In response to environmental cues that promote IP3 (inositol 1,4,5-trisphosphate) generation, IP3 receptors (IP3Rs) located on the endoplasmic reticulum allow the ‘quasisynaptical’ feeding of calcium to the mitochondria to promote oxidative phosphorylation1. However, persistent Ca2+ release results in mitochondrial Ca2+ overload and consequent apoptosis2. Among the three mammalian IP3Rs, IP3R3 appears to be the major player in Ca2+-dependent apoptosis. Here we show that the F-box protein FBXL2 (the receptor subunit of one of 69 human SCF (SKP1, CUL1, F-box protein) ubiquitin ligase complexes3) binds IP3R3 and targets it for ubiquitin-, p97- and proteasome-mediated degradation to limit Ca2+ influx into mitochondria. FBXL2-knockdown cells and FBXL2-insensitive IP3R3 mutant knock-in clones display increased cytosolic Ca2+ release from the endoplasmic reticulum and sensitization to Ca2+-dependent apoptotic stimuli. The phosphatase and tensin homologue (PTEN) gene is frequently mutated or lost in human tumours and syndromes that predispose individuals to cancer4. We found that PTEN competes with FBXL2 for IP3R3 binding, and the FBXL2-dependent degradation of IP3R3 is accelerated in Pten/ mouse embryonic fibroblasts and PTEN-null cancer cells. Reconstitution of PTEN-null cells with either wild-type PTEN or a catalytically dead mutant stabilizes IP3R3 and induces persistent Ca2+ mobilization and apoptosis.

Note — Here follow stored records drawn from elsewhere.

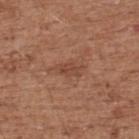| field | value |
|---|---|
| biopsy status | total-body-photography surveillance lesion; no biopsy |
| site | the back |
| lesion size | about 3 mm |
| subject | male, aged approximately 75 |
| image | total-body-photography crop, ~15 mm field of view |
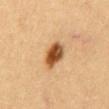Clinical impression:
The lesion was photographed on a routine skin check and not biopsied; there is no pathology result.
Background:
A female patient, roughly 40 years of age. A 15 mm close-up tile from a total-body photography series done for melanoma screening. The lesion-visualizer software estimated a lesion area of about 7.5 mm². The software also gave a lesion color around L≈43 a*≈19 b*≈34 in CIELAB and a lesion–skin lightness drop of about 16. The analysis additionally found a border-irregularity index near 2/10 and a peripheral color-asymmetry measure near 2. The lesion is on the mid back.
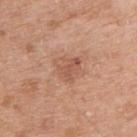biopsy status: total-body-photography surveillance lesion; no biopsy | anatomic site: the right upper arm | lighting: white-light | patient: male, approximately 65 years of age | diameter: ~3.5 mm (longest diameter) | imaging modality: 15 mm crop, total-body photography.
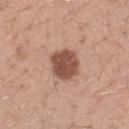Impression: This lesion was catalogued during total-body skin photography and was not selected for biopsy. Background: Measured at roughly 3.5 mm in maximum diameter. A male patient aged around 30. A close-up tile cropped from a whole-body skin photograph, about 15 mm across. On the left forearm. Imaged with white-light lighting.
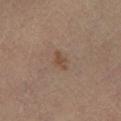Context:
The recorded lesion diameter is about 3 mm. A close-up tile cropped from a whole-body skin photograph, about 15 mm across. A female subject, approximately 55 years of age. Captured under cross-polarized illumination. The total-body-photography lesion software estimated a lesion color around L≈39 a*≈14 b*≈25 in CIELAB, roughly 6 lightness units darker than nearby skin, and a normalized lesion–skin contrast near 6.5. The analysis additionally found a border-irregularity rating of about 4.5/10, a color-variation rating of about 1/10, and a peripheral color-asymmetry measure near 0.5. It also reported an automated nevus-likeness rating near 5 out of 100 and lesion-presence confidence of about 100/100. The lesion is on the right lower leg.

IP3R3 and PTEN protein levels directly correlate in human prostate cancer. Both in cell culture and xenograft models, a non-degradable IP3R3 mutant sensitizes tumour cells with low or no PTEN expression to photodynamic therapy, which is based on the ability of photosensitizer drugs to cause Ca2+-dependent cytotoxicity after irradiation with visible light5,6. Similarly, disruption of FBXL2 localization with GGTi-2418, a geranylgeranyl transferase inhibitor7, sensitizes xenotransplanted tumours to photodynamic therapy. In summary, we identify a novel molecular mechanism that limits mitochondrial Ca2+ overload to prevent cell death. Notably, we provide proof-of-principle that inhibiting IP3R3 degradation in PTEN-deregulated cancers represents a valid therapeutic strategy.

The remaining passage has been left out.